Seriously kick ass names!


----------



## Eden10

Thanks everyone  No I don't think Fester is a true hairless, he's covered in white fuzz...he's also a Dumbo (but sometimes his ears look up?) and he's albino. I adopted him of Craigslist, the lady was pretty clueless.I'm very proud of them! Yeh the plant pot is a big hit...until their too big to fit in it haha!


----------



## Cstaar

aw they are adorable together and I love their names!!


----------



## Eden10

Some cute snapshots of Fester after some successful bonding time


----------



## PrincessRat

Eden10 said:


> Thanks everyone  No I don't think Fester is a true hairless, he's covered in white fuzz...he's also a Dumbo (but sometimes his ears look up?) and he's albino. I adopted him of Craigslist, the lady was pretty clueless.I'm very proud of them! Yeh the plant pot is a big hit...until their too big to fit in it haha!


Haha yeah well anyway he is super adorable!!! He looks exactly like my DR girl except she's got standard ears, and she's not albino just got dark red/almost ruby eyes. 


-Rats are my life-


----------



## IOVERATS

So sweet! He got curly whiskers! They are adorable, good luck with them  


A wise t-shirt once said 'my rats think your gross too!' directed at all you rat haters out there!


----------



## Eden10

Thanks again! The lady said Fester is albino, he pretty much looks like a Dumbo PEW that has been shaved lol. Best way to describe him!


----------



## LightningWolf

They are adorable. Gomez is an Agouti mismarked hooded/ overmarked Berkshire. can you get a picture of his Right side? In hoodeds the color can (actually its suppose to in the show standard) go down to their butts, and on to their tails. Some will even have groin/flank spots (random areas of spots on their theighs/flanks and belly). they are both adorable.


----------



## PrincessRat

Eden10 said:


> Thanks again! The lady said Fester is albino, he pretty much looks like a Dumbo PEW that has been shaved lol. Best way to describe him!

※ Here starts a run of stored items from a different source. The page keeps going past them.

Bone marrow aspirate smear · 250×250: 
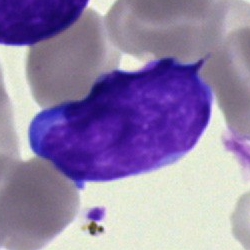 Cell type = blast.
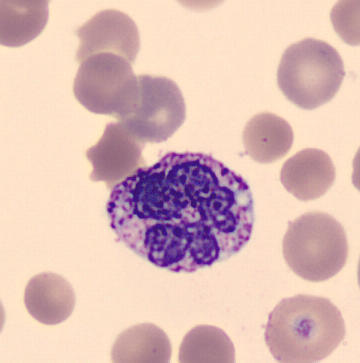

Single-cell field.
Specimen: peripheral blood smear.
Cell type: basophilic granulocyte.
Lineage: myeloid.
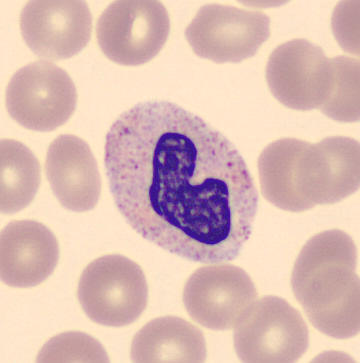

Classification: neutrophil (band).

Image: Peripheral blood film.
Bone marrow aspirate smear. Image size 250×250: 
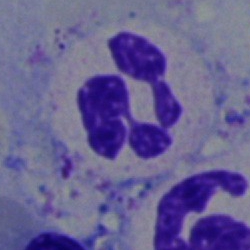Segmented neutrophil.
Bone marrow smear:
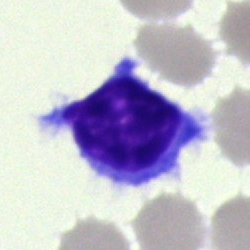
Specimen: bone marrow smear.
Morphological class: typical lymphocyte.
Lineage: lymphoid.
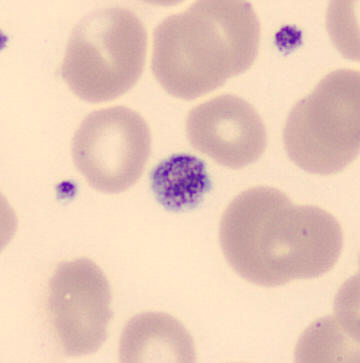
The cell type is platelet.
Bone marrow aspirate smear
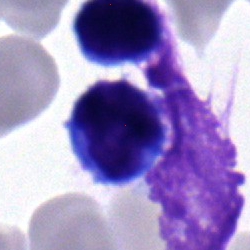
Lymphocyte.
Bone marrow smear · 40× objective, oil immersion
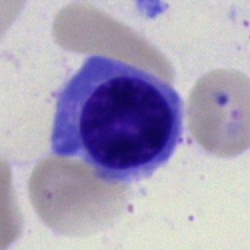

{"cell_type": "normoblast"}
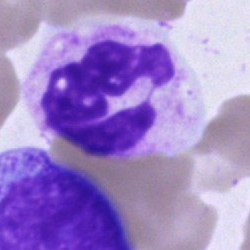
Single-cell crop from a bone marrow smear: polymorphonuclear neutrophil.
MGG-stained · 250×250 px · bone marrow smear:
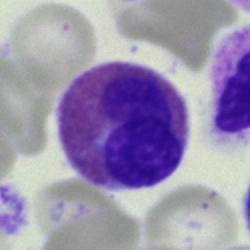
Q: Which cell type is shown here?
A: It is an eosinophil.
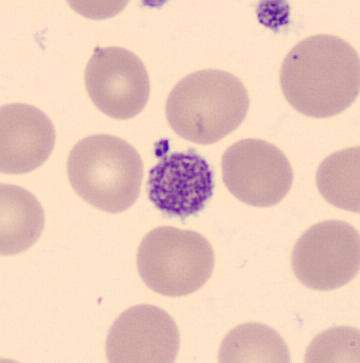
Classification = platelet. Acquisition: CellaVision DM96 digital cell image · peripheral blood film · May-Grünwald-Giemsa-stained.
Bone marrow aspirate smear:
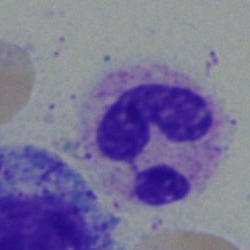 Classification — polymorphonuclear neutrophil.
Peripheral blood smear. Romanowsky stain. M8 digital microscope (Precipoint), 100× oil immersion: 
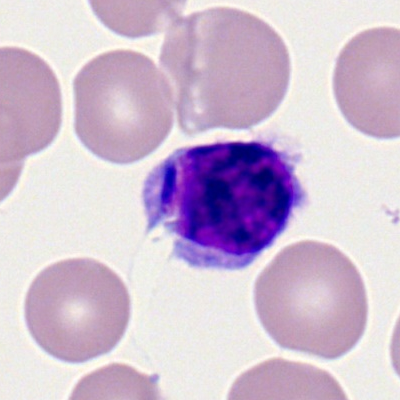 The cell is typical lymphocyte.
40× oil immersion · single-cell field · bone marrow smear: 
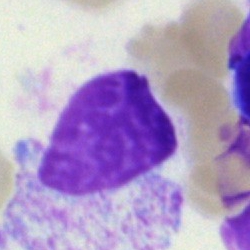 Showing an artifact.
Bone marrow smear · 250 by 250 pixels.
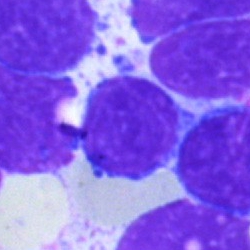Specimen: bone marrow aspirate smear.
Morphological class: lymphocyte.
Lineage: lymphoid.
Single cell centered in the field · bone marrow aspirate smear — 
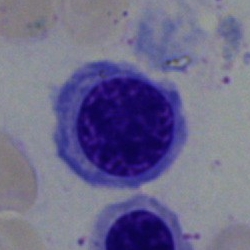

Classification = erythroblast.
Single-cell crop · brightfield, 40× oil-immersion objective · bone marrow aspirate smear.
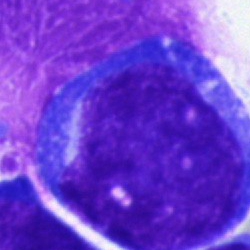The cell type is undifferentiated blast.
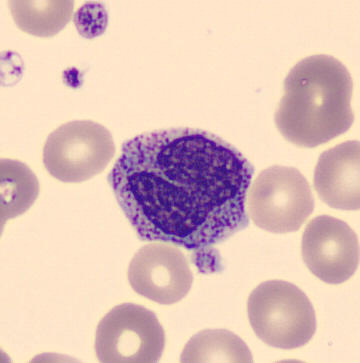

Cell type — myelocyte.
Image: Peripheral blood film.
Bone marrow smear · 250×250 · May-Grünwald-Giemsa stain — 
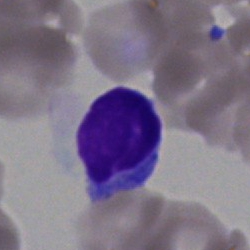 Specimen: bone marrow aspirate smear.
Morphological class: lymphocyte.
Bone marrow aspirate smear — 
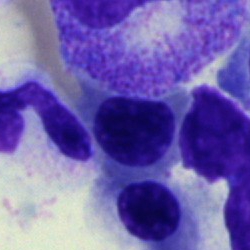

Q: Identify the cell.
A: A nucleated red blood cell.
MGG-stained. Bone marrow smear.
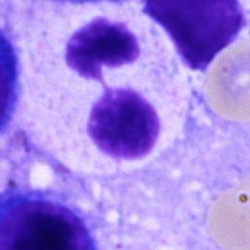
Morphology → segmented neutrophil.
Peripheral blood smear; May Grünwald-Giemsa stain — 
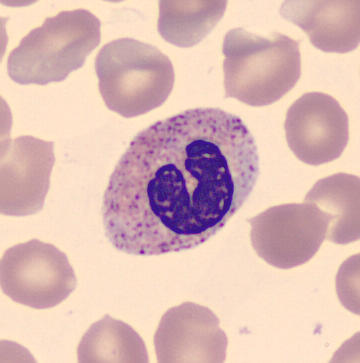 Neutrophil (band).
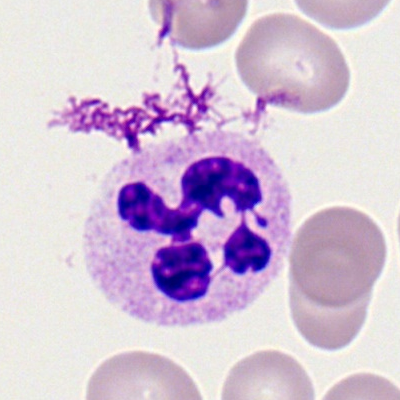

Morphology → polymorphonuclear neutrophil.
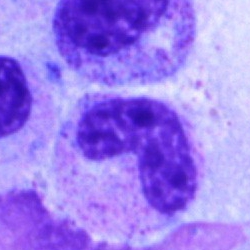
This is a band neutrophil.
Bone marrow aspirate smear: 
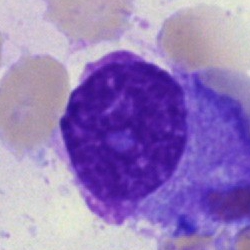
This is an artifact.
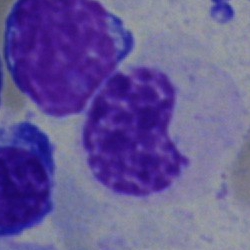Cell type: metamyelocyte.
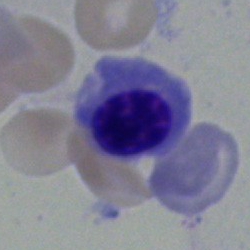Specimen: bone marrow aspirate smear.
Cell type: normoblast.
Lineage: erythroid.
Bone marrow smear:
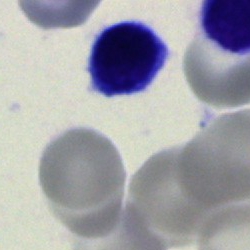
Single cell identified as an artifact.
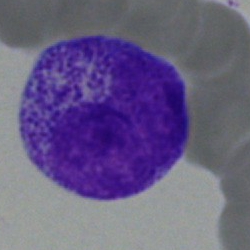
{"cell_type": "promyelocyte"}
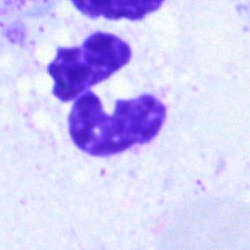

This is a neutrophil (segmented).
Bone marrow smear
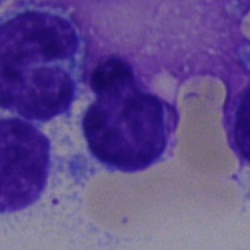
Morphology consistent with a lymphocyte.
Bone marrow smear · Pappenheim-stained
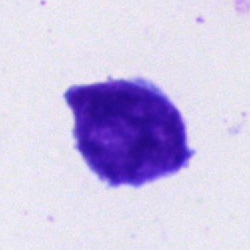

Q: What type of cell is this?
A: Typical lymphocyte.
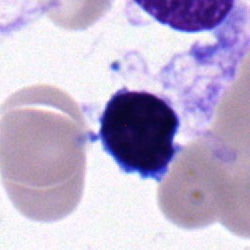Q: What is shown here?
A: It is a typical lymphocyte.
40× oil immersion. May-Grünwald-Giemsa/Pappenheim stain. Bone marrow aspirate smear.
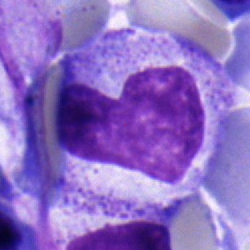
Impression — metamyelocyte.
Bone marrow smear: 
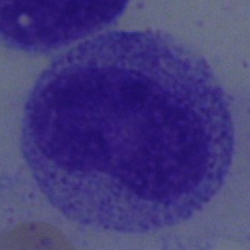

The classification is metamyelocyte.
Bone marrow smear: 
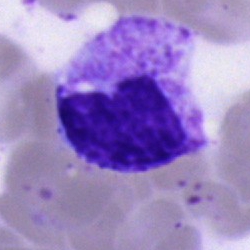
Specimen: bone marrow aspirate smear.
Cell type: neutrophil (segmented).
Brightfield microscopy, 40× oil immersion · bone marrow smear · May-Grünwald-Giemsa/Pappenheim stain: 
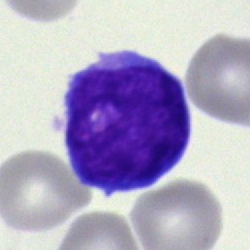Q: Which cell type is shown here?
A: Blast cell.
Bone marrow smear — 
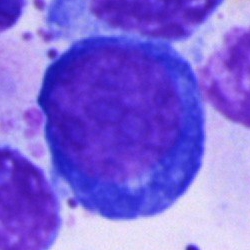

The cell shown is a pronormoblast.
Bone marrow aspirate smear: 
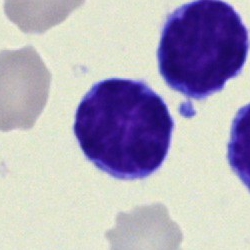
Q: What cell is this?
A: Typical lymphocyte.
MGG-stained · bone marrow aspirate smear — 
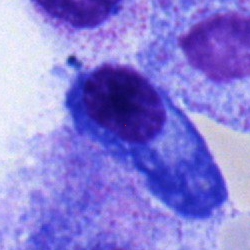 Morphology consistent with a plasma cell.
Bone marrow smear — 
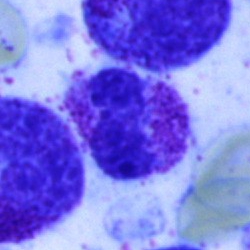Morphological class: polymorphonuclear neutrophil.
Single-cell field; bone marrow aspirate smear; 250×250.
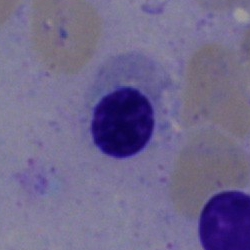 Morphology → nucleated red cell.
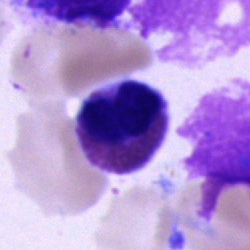{"cell_type": "eosinophilic granulocyte", "lineage": "myeloid"}
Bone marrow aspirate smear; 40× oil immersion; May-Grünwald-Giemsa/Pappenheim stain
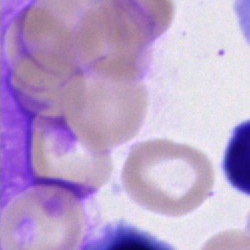
Specimen: bone marrow aspirate smear.
Morphological class: artefact.
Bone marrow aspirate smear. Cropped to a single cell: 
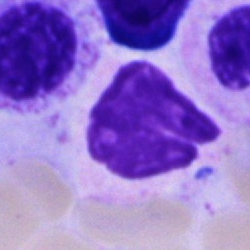 Q: What is the morphological classification of this cell?
A: Cell of indeterminate lineage.
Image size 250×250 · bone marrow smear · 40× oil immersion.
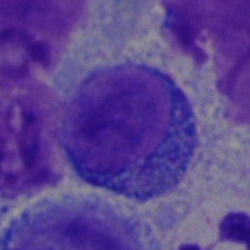Specimen: bone marrow aspirate smear.
Cell type: pronormoblast.
Lineage: erythroid.
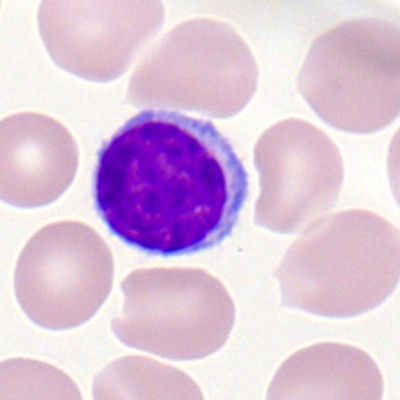Showing a lymphocyte.
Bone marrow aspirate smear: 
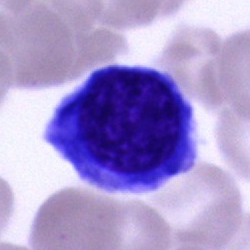
This is an erythroblast.
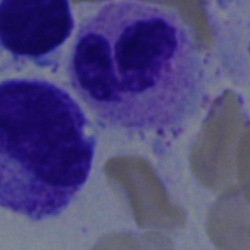Bone marrow aspirate smear, single cell — segmented neutrophil.
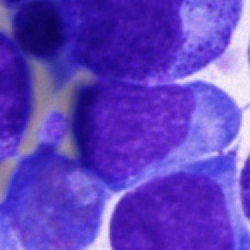A blast cell on a bone marrow smear.
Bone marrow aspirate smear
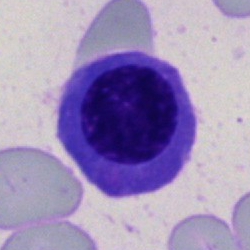
A normoblast.
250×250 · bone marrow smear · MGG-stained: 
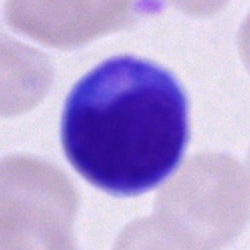
{"cell_type": "unidentifiable cell"}
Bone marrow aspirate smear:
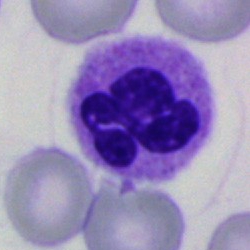 Single cell identified as a polymorphonuclear neutrophil.
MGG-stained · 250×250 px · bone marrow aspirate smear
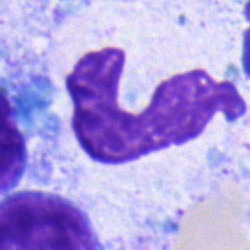
Band neutrophil.
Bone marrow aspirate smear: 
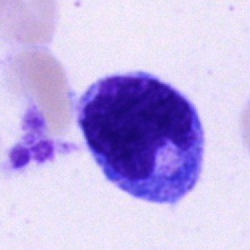Cell type: monocyte.
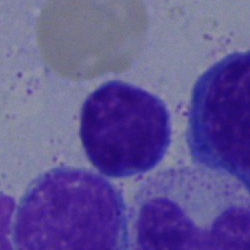
Morphology consistent with a lymphocyte.
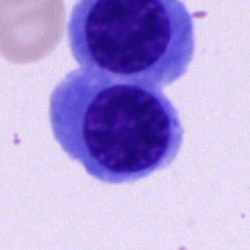

Morphology — nucleated red cell.
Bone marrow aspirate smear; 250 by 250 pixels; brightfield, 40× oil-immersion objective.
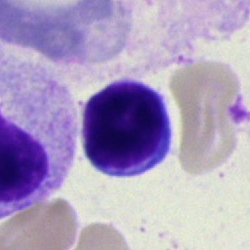
Cell — lymphocyte.
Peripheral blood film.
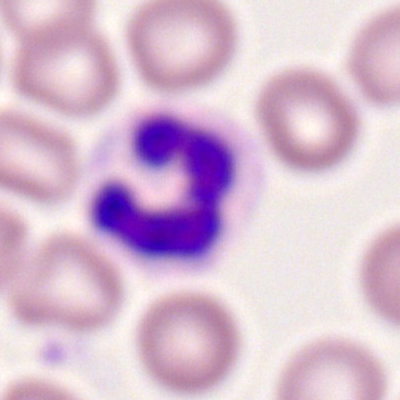
Classification — segmented neutrophil.
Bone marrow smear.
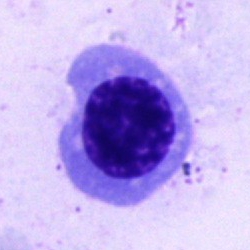Specimen: bone marrow aspirate smear.
Cell type: nucleated red cell.
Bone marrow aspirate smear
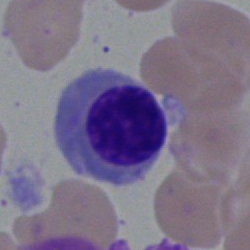Impression — nucleated red blood cell.
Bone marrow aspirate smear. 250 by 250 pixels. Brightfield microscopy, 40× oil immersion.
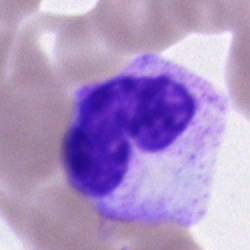 A neutrophil (segmented).
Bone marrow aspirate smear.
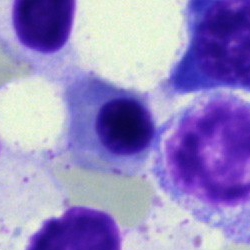Classification — nucleated red blood cell.
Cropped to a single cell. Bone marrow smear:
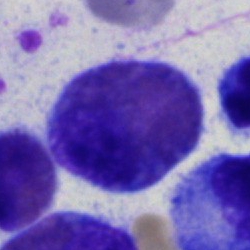 Impression — eosinophil.
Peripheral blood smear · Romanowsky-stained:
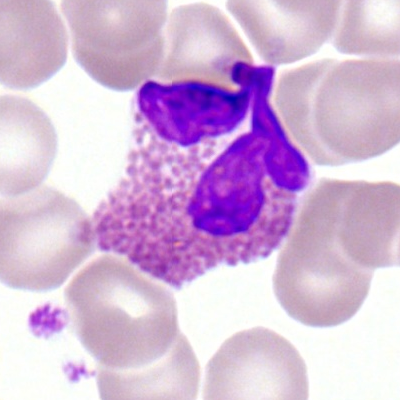Q: What is shown here?
A: It is an eosinophilic granulocyte.
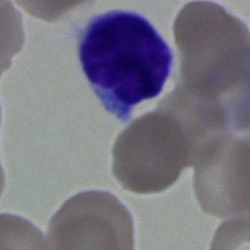 This is a lymphocyte.
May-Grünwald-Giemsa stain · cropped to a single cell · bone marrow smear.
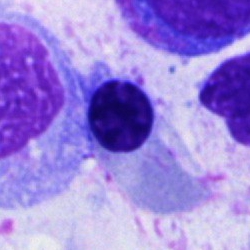
Q: Which cell type is shown here?
A: This is an erythroblast.
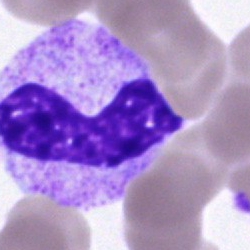A neutrophil (band) on a bone marrow smear.
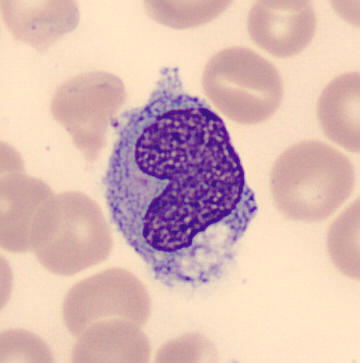
Peripheral blood film, single cell — monocyte.
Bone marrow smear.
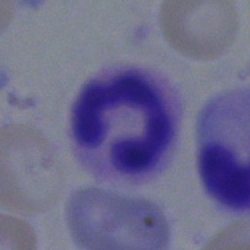 Morphology — segmented neutrophil.
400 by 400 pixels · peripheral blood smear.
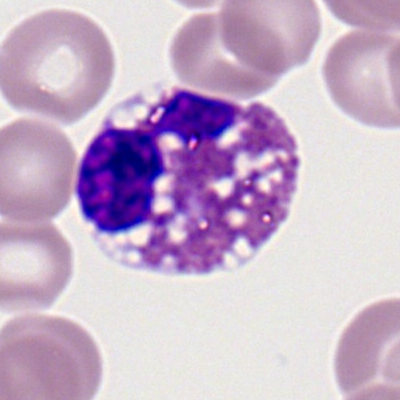

The morphological class is eosinophilic granulocyte.

If he is albino, his eyes will go completely clear when the light shines on them just right. If they don't do that then he's a PEW. Albinos have no pigment at all so they have no color in their eyes, the red is the blood, whereas a PEW has red colored eyes like any other colored rat.  


-Rats are my life-


----------



## Eden10

Here's a shot (a bad camera phone shot I must add!) of Gomez' other side...he's grown a lot since this pic, was when I first got him a few weeks ago.Hmm...I don't think Festers eyes go clear...like I said the lady I got him from wasn't very nice she just wanted him gone! But that's what she told me.


----------



## jd882

Awwww.. just so cute!


----------



## PrincessRat

He's probably a Pew then...but anyway they are both sooo darn adorable! I keep looking at all of these pictures because I can't get enough of these two!  so precious!


-Rats are my life-


----------



## Eden10

Yeh I'm sure he is...he's my little odd ball  couple shots of Gomez he was very excited to come out to play! Fester came out but didn't stray far from the cage...he's still skittish and shy. Gomez is a little skittish still but his curiosity gets the better of him! Once he knows everythings safe he's pretty bold and will chew on the cage in protest when I have to put him back lol.


----------



## LightningWolf

Yep, he's a hooded  I LOVE agouti hoodeds (and hoodeds, and topazes, and Albinos, and Albinos). Sorry 

Actually PEW is the exact same thing as an Albino. it is just a term used for breeders because its easier and shorter to spell. A true "PEW" is a pink eyed rat (Amber, Champaign, ect) Bred for less and less color, like a BEW (Black eyed white) and A REW (Ruby eye white). a true PEW and Albino are indisquinishable other then genetically (an Albino would have the albino gene c/c while a pink eyed white would have a pattern modification and the pink eye gene p/p). Once again though they are actually very rare since most people don't breed for them, probably because Ruby eyed whites and Black eyes whites look cooler. and PEW would be kind of pointless since Albinos are so easily obtained. 

So yeah, PEW and Albino are the exact same. Just thought I would mention that, not trying to sound like a genetics/varieties snob.


----------



## Eden10

Wow you have great knowledge! Really interesting! Ok so Fester is a Dumbo Double Rex REW...or something along those lines lol...his eyes are more red than pink. And cool Gomez is a Hooded! I love them no matter what but good to know what their breed/color is in proper ratty terms


----------



## Eden10

Found this pic (not mine) of I guess what would be considered a true PEW or Albino...most of the white rats I've seen have the ruby colored eyes.This lil one is adorable! I too love PEW/Albinos


----------



## LightningWolf

your welcome. haha, that's what 2 years of genetic research gets you, sad thing is that I'm still not researching. 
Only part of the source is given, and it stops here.